- Task description -
The listing below must be repeated word for word, with its images excluded.

- Supplied data -
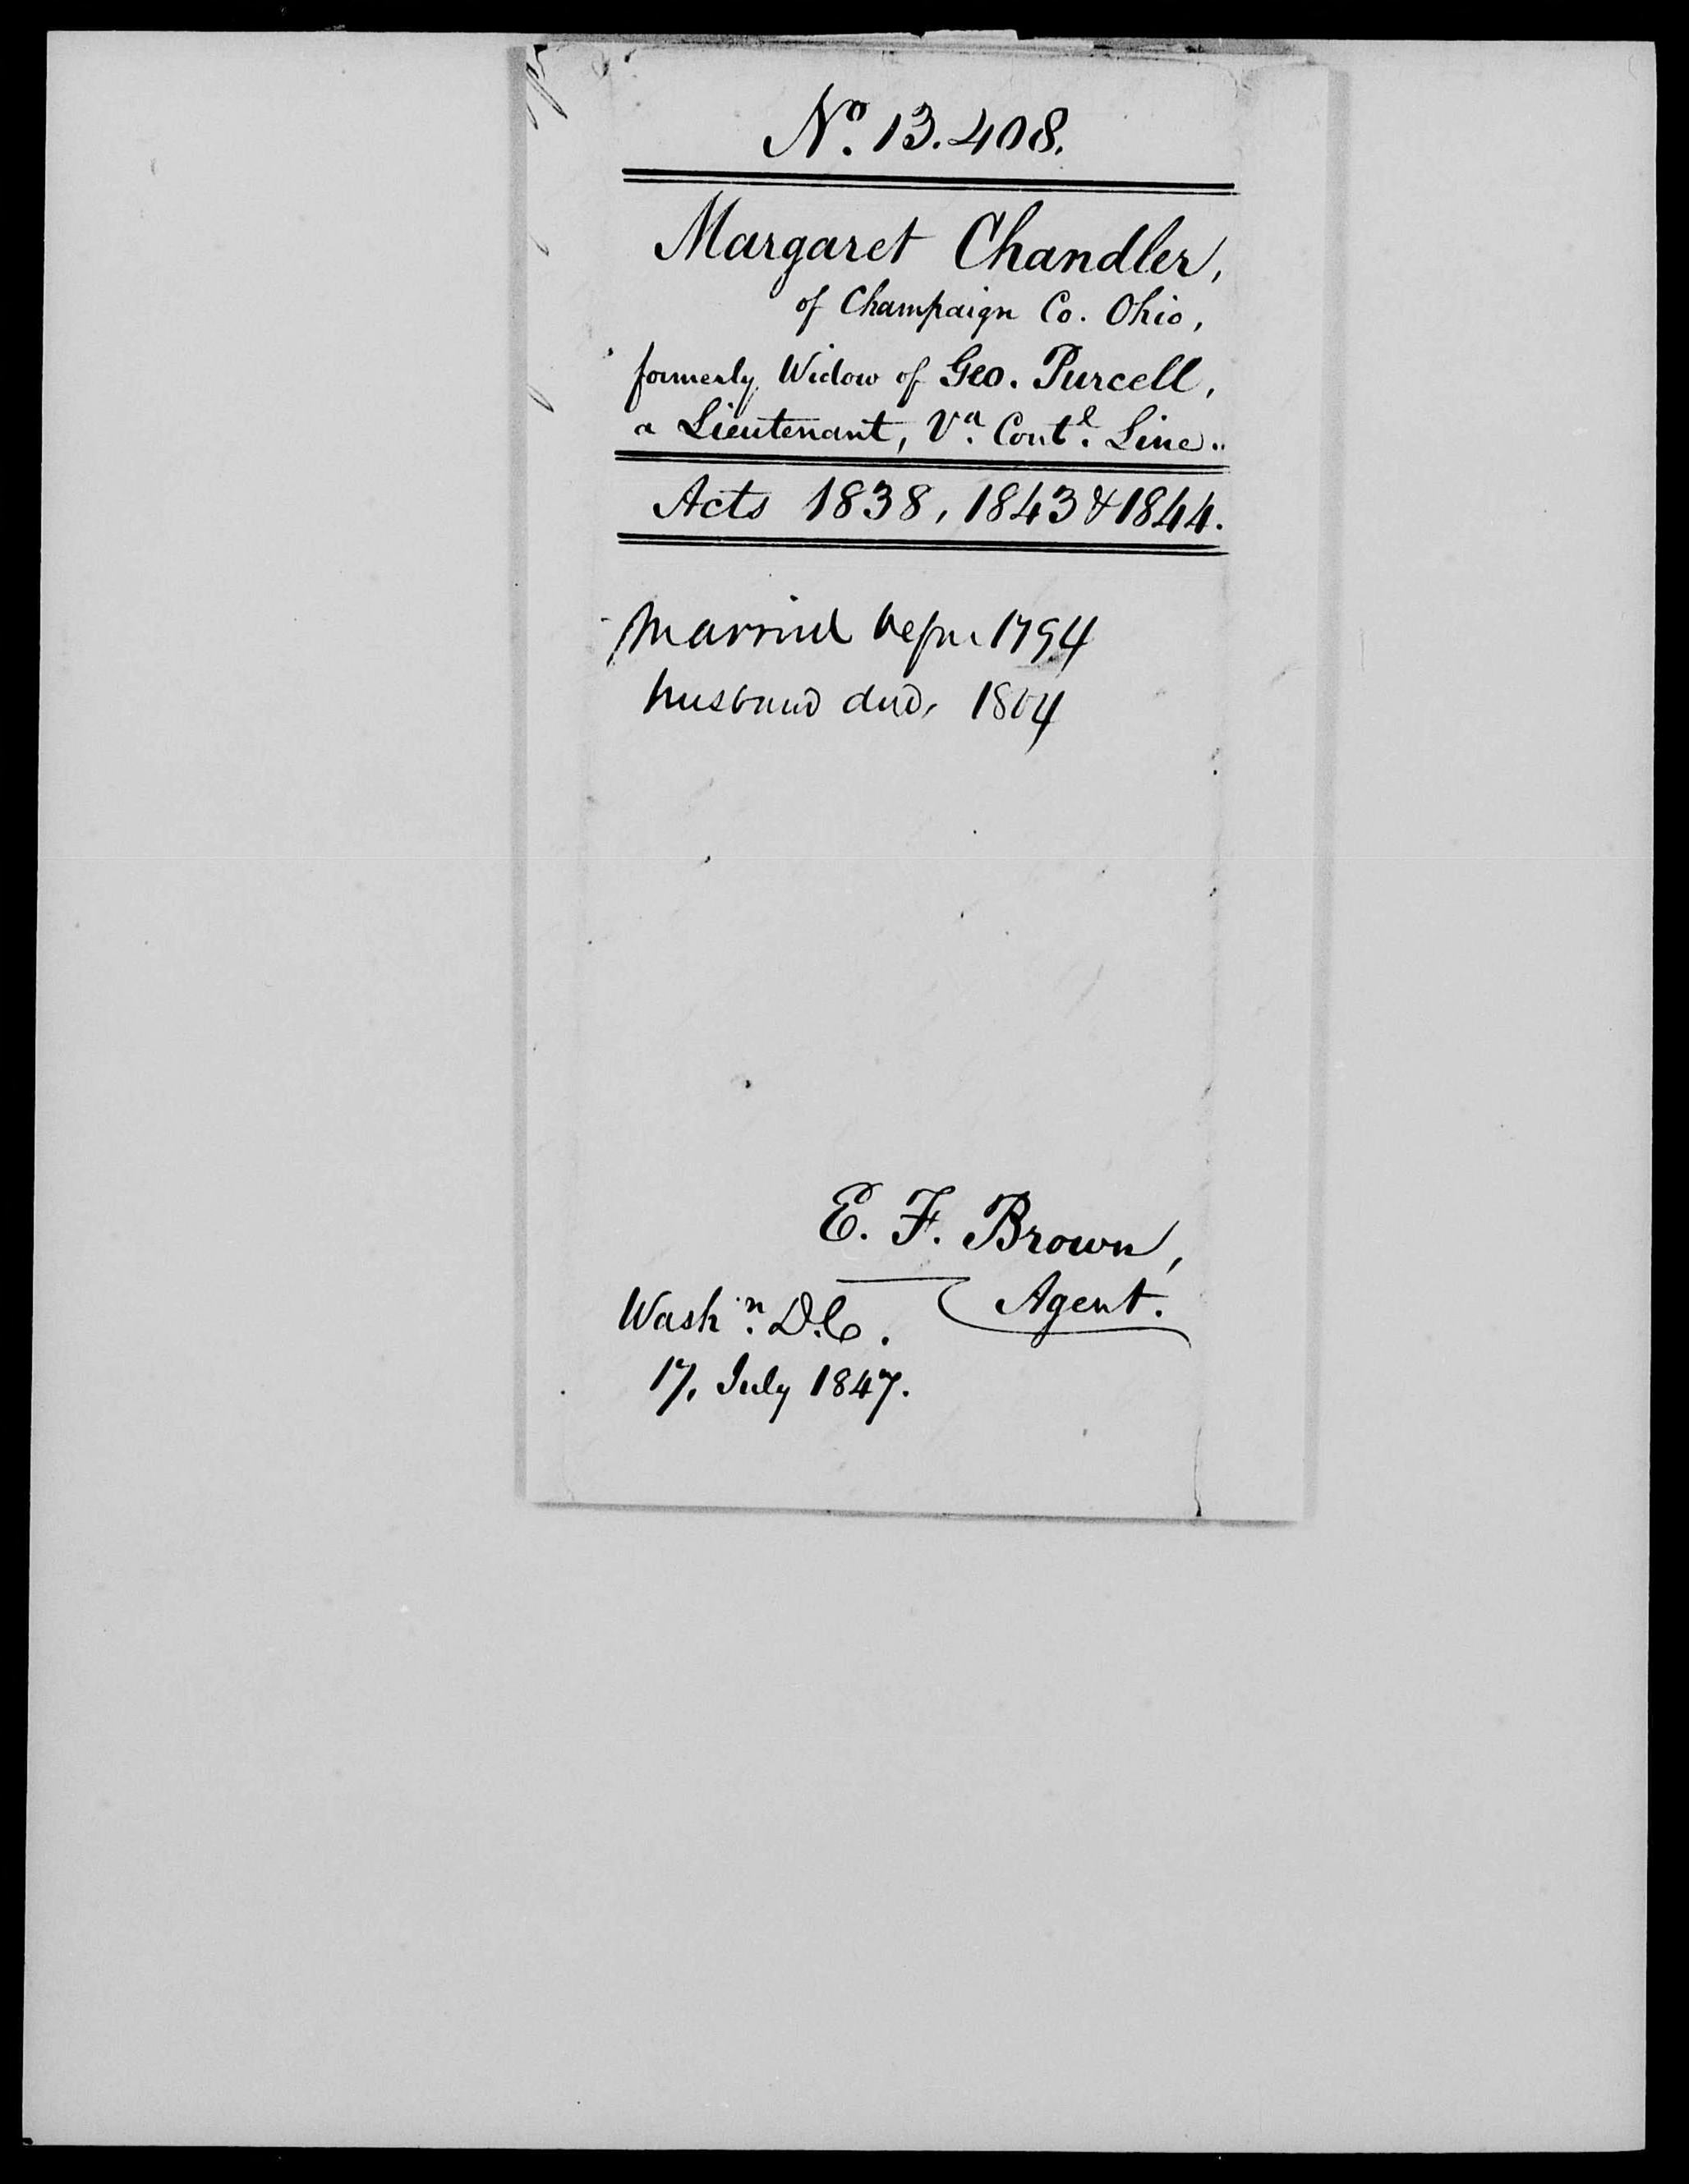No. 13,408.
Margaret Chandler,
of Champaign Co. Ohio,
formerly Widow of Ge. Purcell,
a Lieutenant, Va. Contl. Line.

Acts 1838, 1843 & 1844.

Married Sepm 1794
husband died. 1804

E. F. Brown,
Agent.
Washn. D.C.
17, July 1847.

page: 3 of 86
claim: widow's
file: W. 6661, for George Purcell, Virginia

- Task output -
No. 13,408.
Margaret Chandler,
of Champaign Co. Ohio,
formerly Widow of Ge. Purcell,
a Lieutenant, Va. Contl. Line.

Acts 1838, 1843 & 1844.

Married Sepm 1794
husband died. 1804

E. F. Brown,
Agent.
Washn. D.C.
17, July 1847.

page: 3 of 86
claim: widow's
file: W. 6661, for George Purcell, Virginia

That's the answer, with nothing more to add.